# proof of Bessel inequality

Let

 $r_{n}=x-\sum_{k=1}^{n}\left\langle x,e_{k}\right\rangle\cdot e_{k}.$

Then for $j=1,\ldots,n$,

 $\displaystyle\left\langle r_{n},e_{j}\right\rangle$ $\displaystyle=\left\langle x,e_{j}\right\rangle-\sum_{k=1}^{n}\left\langle% \left\langle x,e_{k}\right\rangle\cdot e_{k},e_{j}\right\rangle$ (1) $\displaystyle=\left\langle x,e_{j}\right\rangle-\left\langle x,e_{j}\right% \rangle\left\langle e_{j},e_{j}\right\rangle=0$ (2)
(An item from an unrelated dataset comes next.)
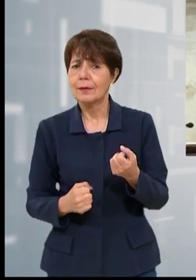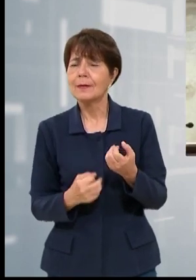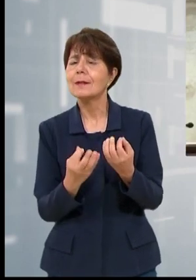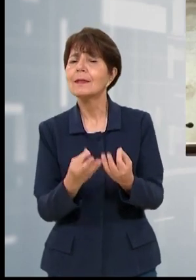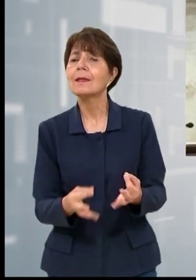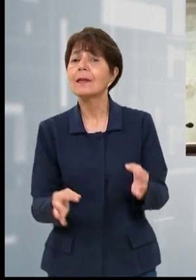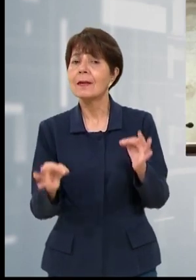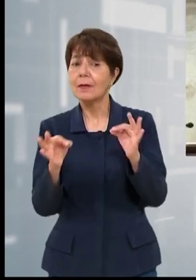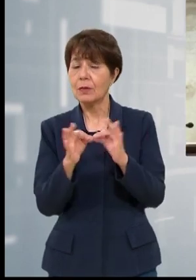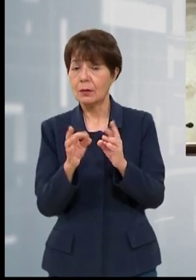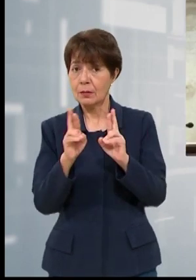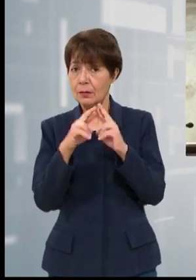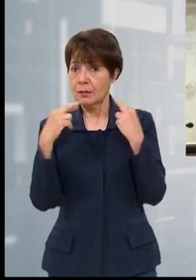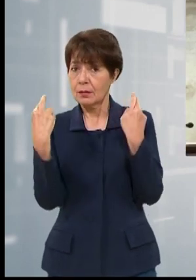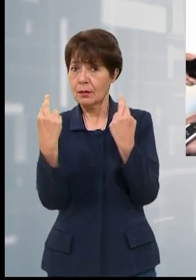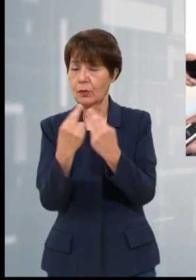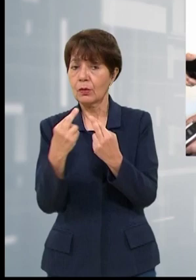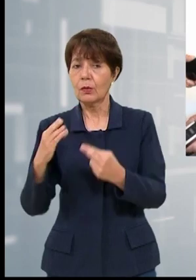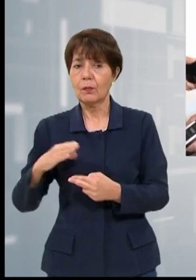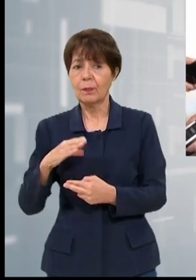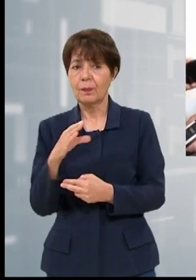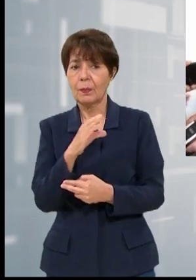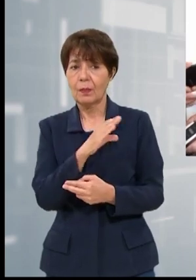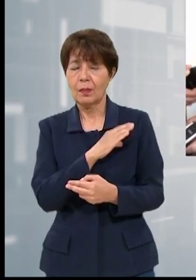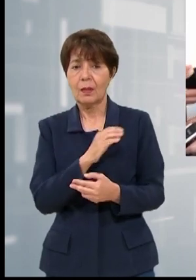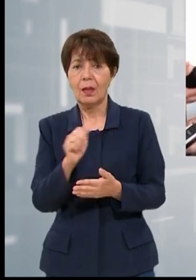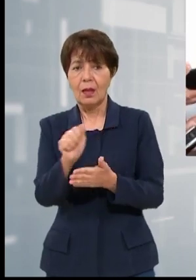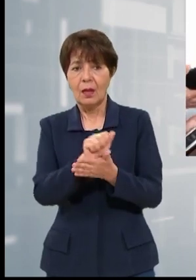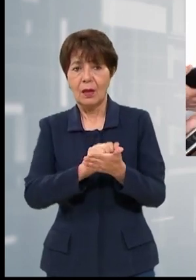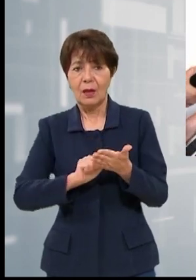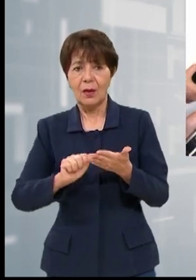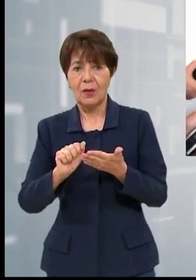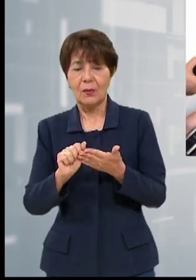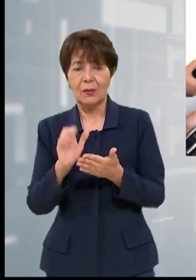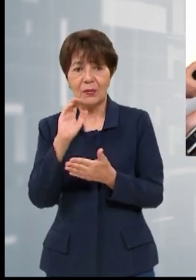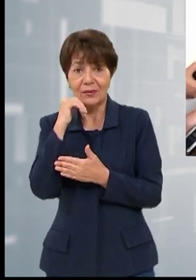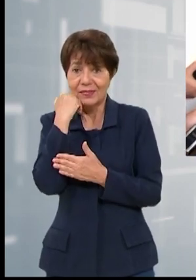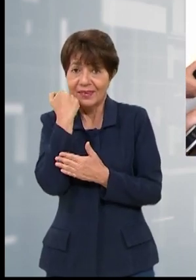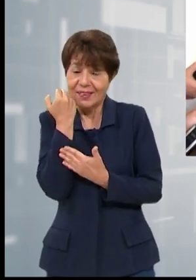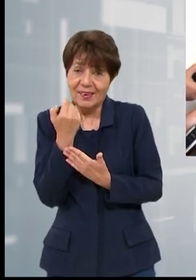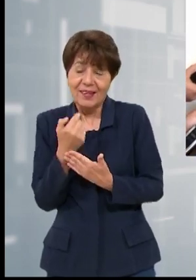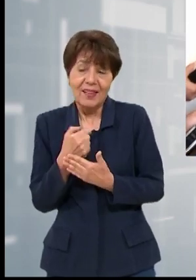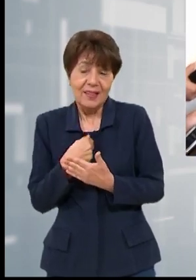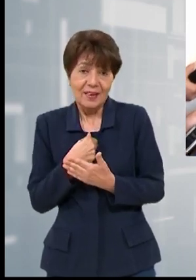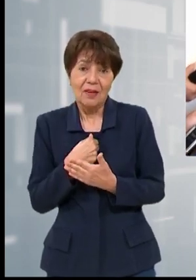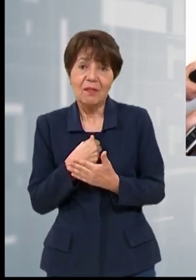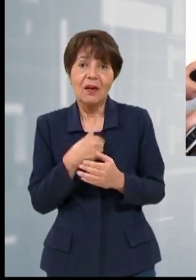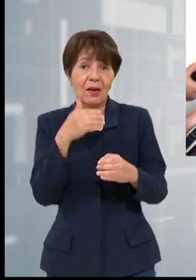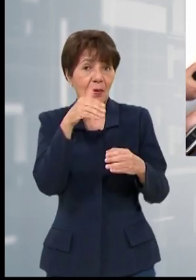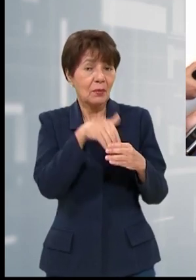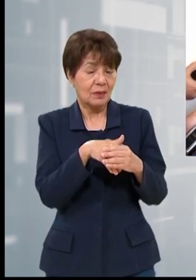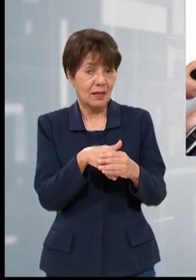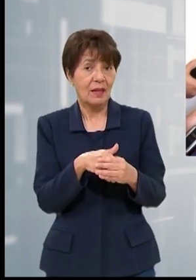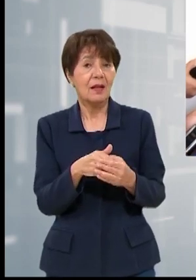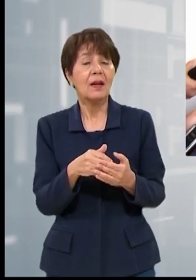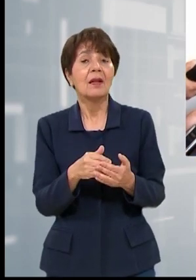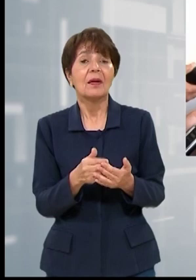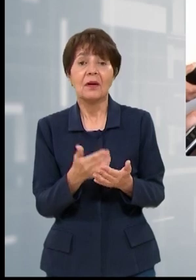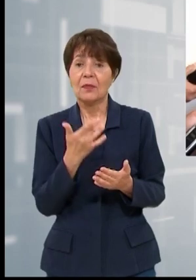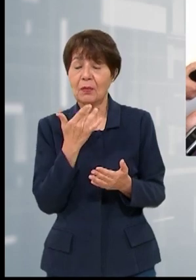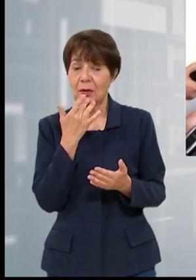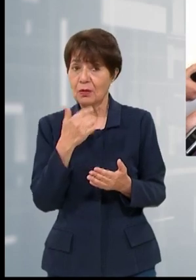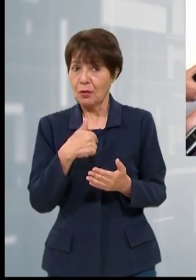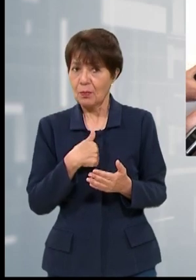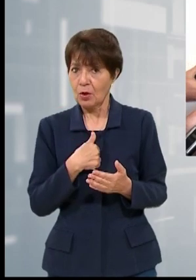en el hemiciclo legislativo. Hay algunos que creen que tenían el padrinazgo político por eso digo, la Junta Nominadora ha hecho un trabajo

so $e_{1},\ldots,e_{n},r_{n}$ is an orthogonal series.

Computing norms, we see that

 $\left\|x\right\|^{2}=\left\|r_{n}+\sum_{k=1}^{n}\left\langle x,e_{k}\right% \rangle\cdot e_{k}\right\|^{2}=\left\|r_{n}\right\|^{2}+\sum_{k=1}^{n}\left|% \left\langle x,e_{k}\right\rangle\right|^{2}\geq\sum_{k=1}^{n}\left|\left% \langle x,e_{k}\right\rangle\right|^{2}.$

So the series

 $\sum_{k=1}^{\infty}\left|\left\langle x,e_{k}\right\rangle\right|^{2}$

converges and is bounded by $\left\|x\right\|^{2}$, as required.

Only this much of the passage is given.